DATA RECORDS:
[Start of section]
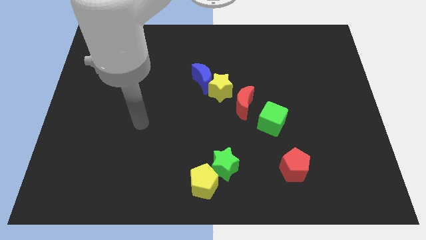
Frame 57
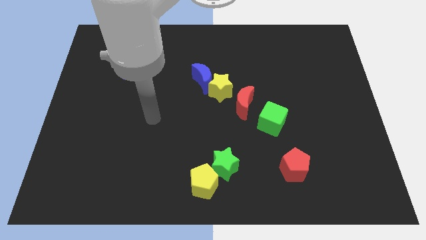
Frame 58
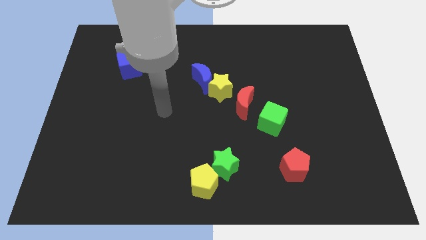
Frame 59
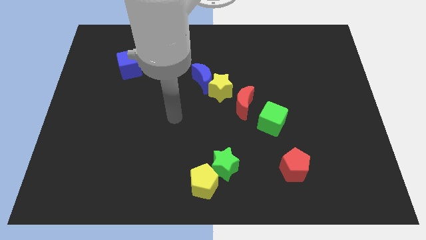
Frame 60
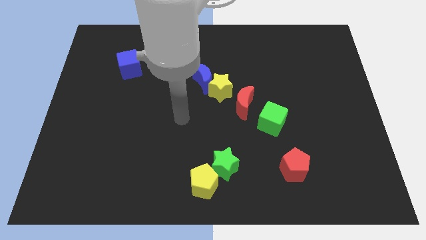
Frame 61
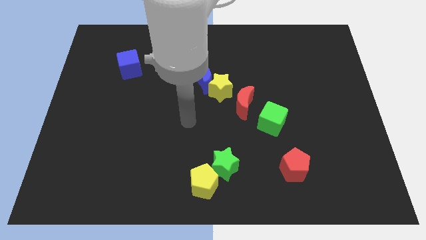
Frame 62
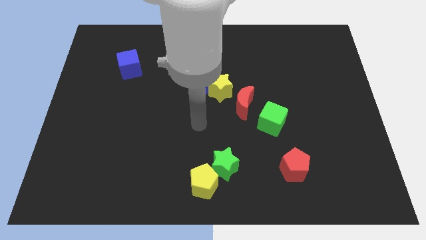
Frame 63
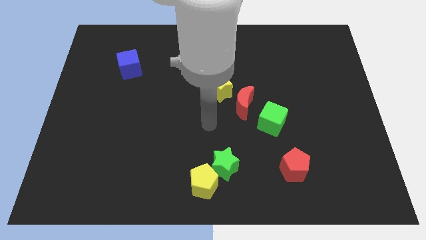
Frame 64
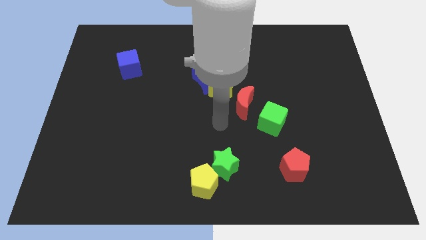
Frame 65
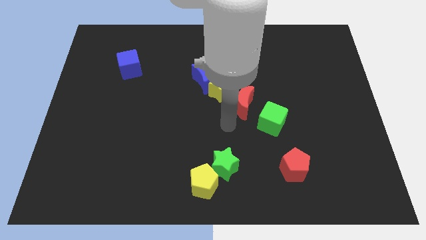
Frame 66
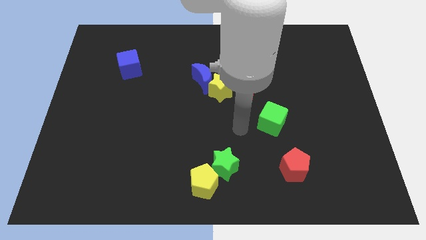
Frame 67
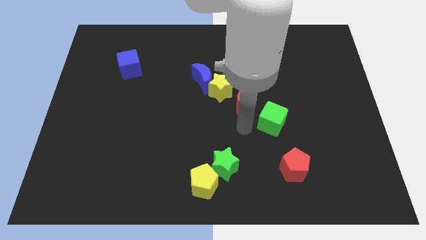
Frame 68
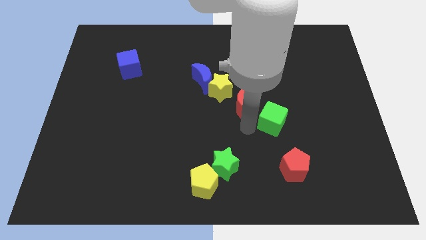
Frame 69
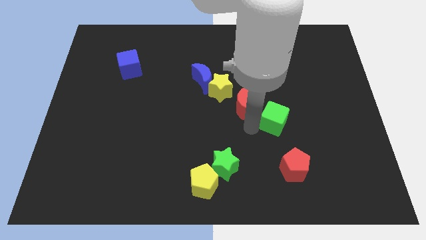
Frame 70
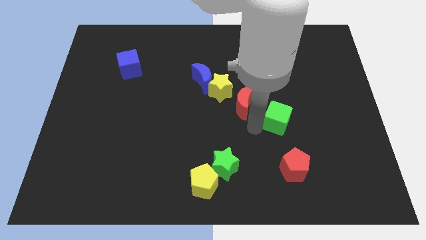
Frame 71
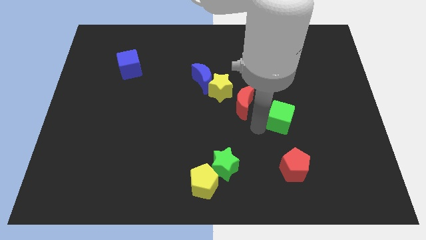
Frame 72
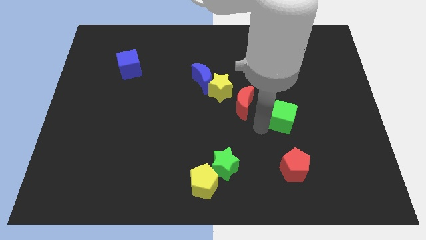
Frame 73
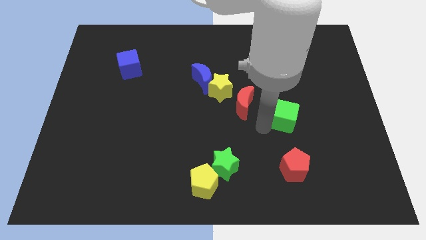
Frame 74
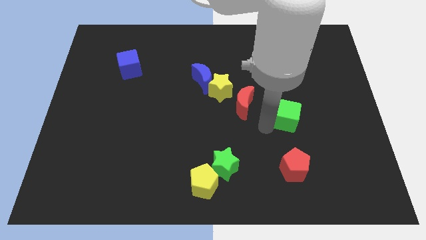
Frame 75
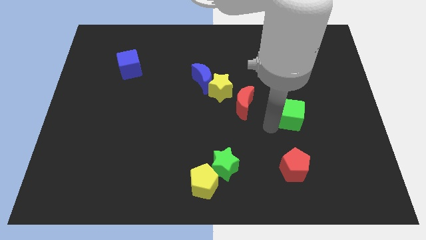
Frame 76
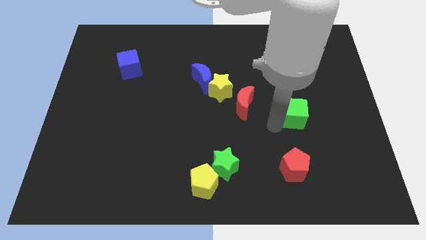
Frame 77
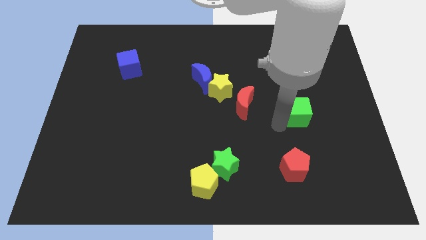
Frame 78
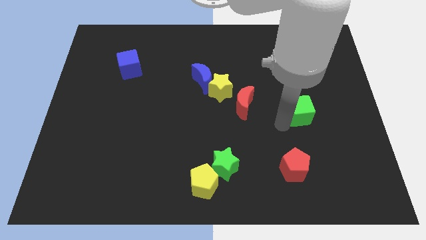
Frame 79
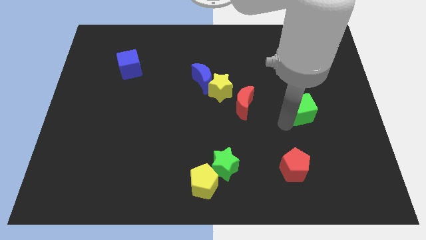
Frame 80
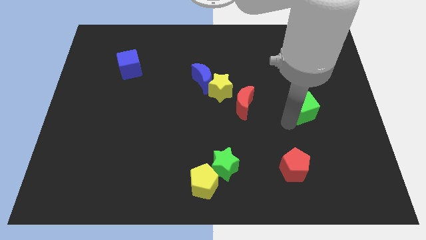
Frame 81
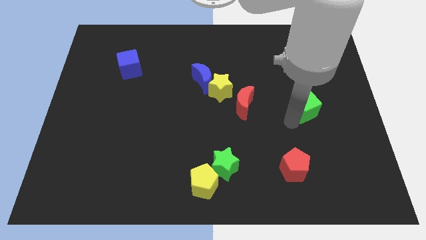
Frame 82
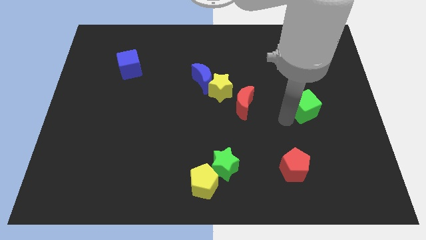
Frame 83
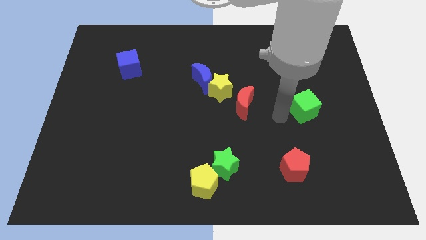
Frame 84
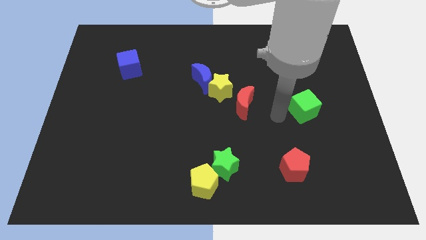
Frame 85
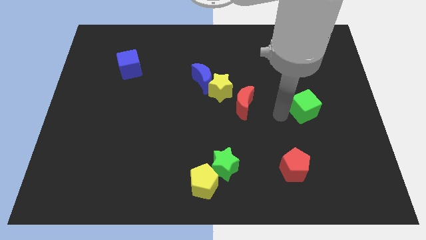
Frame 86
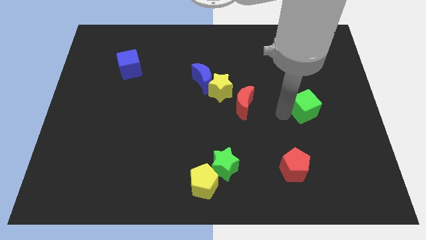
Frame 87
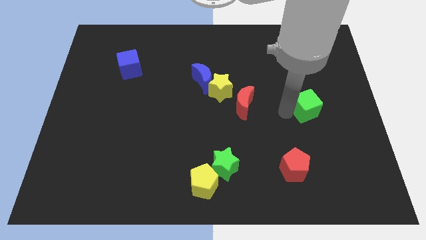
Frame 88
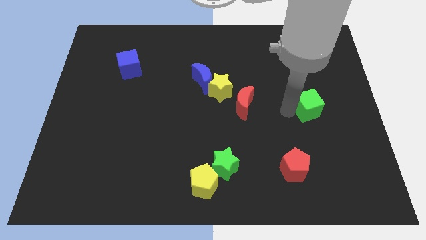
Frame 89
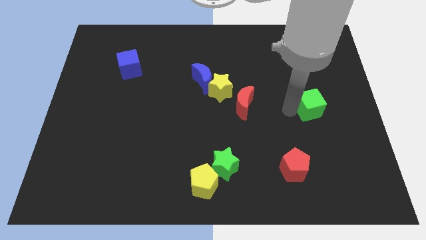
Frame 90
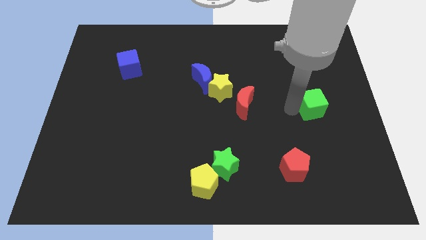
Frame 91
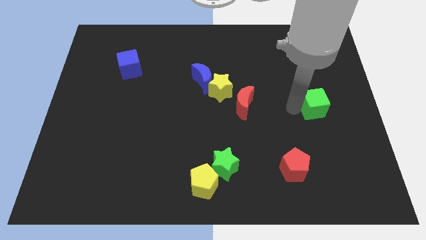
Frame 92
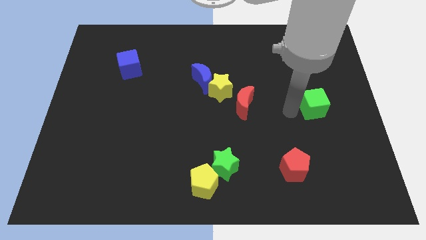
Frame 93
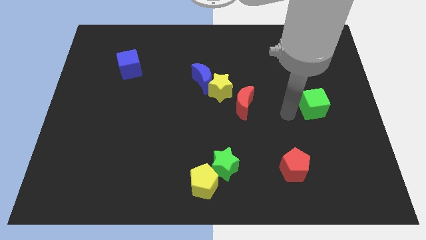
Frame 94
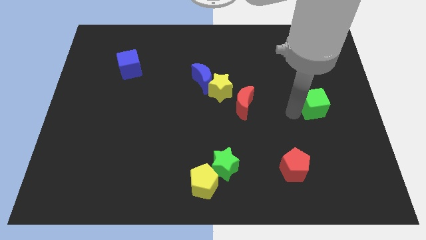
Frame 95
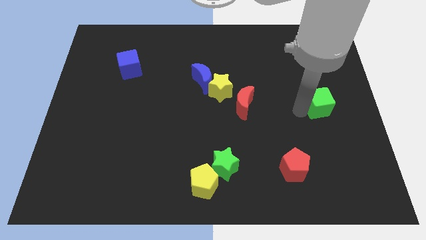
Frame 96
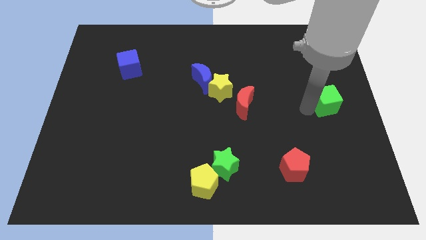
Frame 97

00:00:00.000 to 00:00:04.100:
move the green cube to the center right
[End of section]
WORK TO COMPLETE:
Retype the records above exactly. Leave the pictures out.

THE ANSWER:
Frame 57
Frame 58
Frame 59
Frame 60
Frame 61
Frame 62
Frame 63
Frame 64
Frame 65
Frame 66
Frame 67
Frame 68
Frame 69
Frame 70
Frame 71
Frame 72
Frame 73
Frame 74
Frame 75
Frame 76
Frame 77
Frame 78
Frame 79
Frame 80
Frame 81
Frame 82
Frame 83
Frame 84
Frame 85
Frame 86
Frame 87
Frame 88
Frame 89
Frame 90
Frame 91
Frame 92
Frame 93
Frame 94
Frame 95
Frame 96
Frame 97

00:00:00.000 to 00:00:04.100:
move the green cube to the center right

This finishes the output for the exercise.